From the Kernel density and boxplot, we can find a difference of 1/4 mile time between cars with two different types of transmissions. However, according to the mean statistic and visualization, the difference is not that significant.

Modeling

Independent 2-group T-test

Since our sample is small, we have to use the t-test to check the correctness of difference in car speed (1/4 mile time) between 2 types of transmissions found in the sample.

m1 <- t.test(qsec ~ am, data=data)
m1 # p-value is smaller than 0.05, accept the hypothesis.the mean difference is between 4 and 11 (95%).

## 
##  Welch Two Sample t-test
## 
## data:  qsec by am
## t = 1.2878, df = 25.534, p-value = 0.2093
## alternative hypothesis: true difference in means between group 0 and group 1 is not equal to 0
## 95 percent confidence interval:
##  -0.4918522  2.1381679
## sample estimates:
## mean in group 0 mean in group 1 
##        18.18316        17.36000

The null hypothesis of t-test is that “The difference in means between two groups is equal to 0.” And the t-test results show that p-value=0.2093, which is larger than 0.05. This large p-value indicates that we cannot reject the null hypothesis and cannot accept the alternative hypothesis “The difference in means between two groups is not equal to 0.” There is a relatively higher possibility that the null hypothesis will be true, meaning the difference is not significant. Therefore, the t-test helps to test our findings that automobiles with automatic transmissions and those with manual transmissions have different quarter-mile time. And the results show that that difference is not significant.

Regression Modeling

Finally, we use “lm” function to fit a linear regression model between 1/4 mile time and automobiles’ transmission types to explain their relationship.
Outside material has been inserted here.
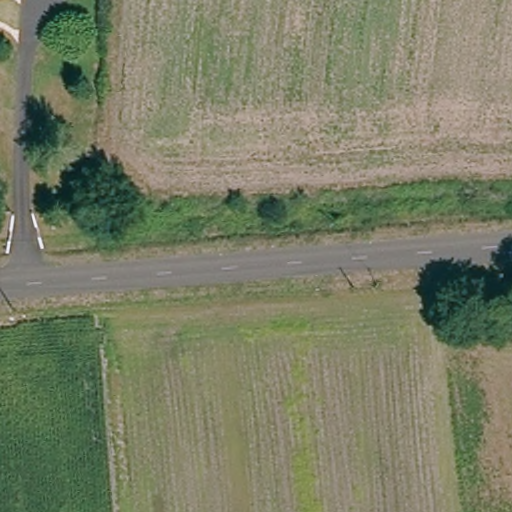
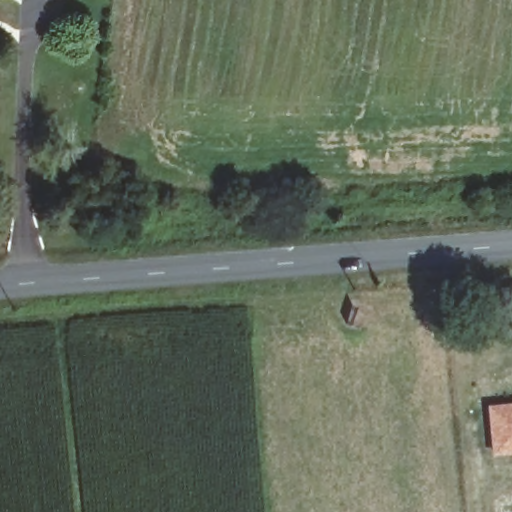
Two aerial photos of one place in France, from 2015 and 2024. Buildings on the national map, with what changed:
new [(512,457),(490,458),(486,405),(512,403),(512,457)]

m2 <- lm(qsec ~ am, data=data)
summary(m2)

## 
## Call:
## lm(formula = qsec ~ am, data = data)
## 
## Residuals:
##     Min      1Q  Median      3Q     Max 
## -2.8600 -0.9583 -0.3516  1.2517  4.7168 
## 
## Coefficients:
##             Estimate Std. Error t value Pr(>|t|)    
## (Intercept)  18.1832     0.4056  44.833   <2e-16 ***
## am           -0.8232     0.6363  -1.294    0.206    
## ---
## Signif. codes:  0 '***' 0.001 '**' 0.01 '*' 0.05 '.' 0.1 ' ' 1
## 
## Residual standard error: 1.768 on 30 degrees of freedom
## Multiple R-squared:  0.05284,    Adjusted R-squared:  0.02126 
## F-statistic: 1.674 on 1 and 30 DF,  p-value: 0.2057

The summary of the regression model fit shows that the coefficient estimate of am (transmission type) is -0.8232, which means that one additional increase in am is associated with an average increase of -0.8232 in 1/4 mile time. So the estimated regression equation can be expressed as “1/4 mile time=18.1832-0.8232*am (am=0, 1)“. And p-value is 0.2057, which is larger than 0.05, indicating the regression model as a whole is statistically not significant. Therefore, the linear regression model indicates that automatic transmission automobiles have higher 1/4 mile time than manual transmission cars, but the difference is not significant, proving our previous findings.

In conclusion, this report utilizes dataset “mtcars” to analyze automobiles’ performance. And we mainly focus on exploring the relationship between car speed (1/4 mile time) and transmission type. Utilizing graphs of 1/4 mile time and modeling, we can draw the conclusion that automatic transmission cars have higher 1/4 mile time than manual transmission cars, indicating manual transmission cars’ fast speed, but the difference is not significant.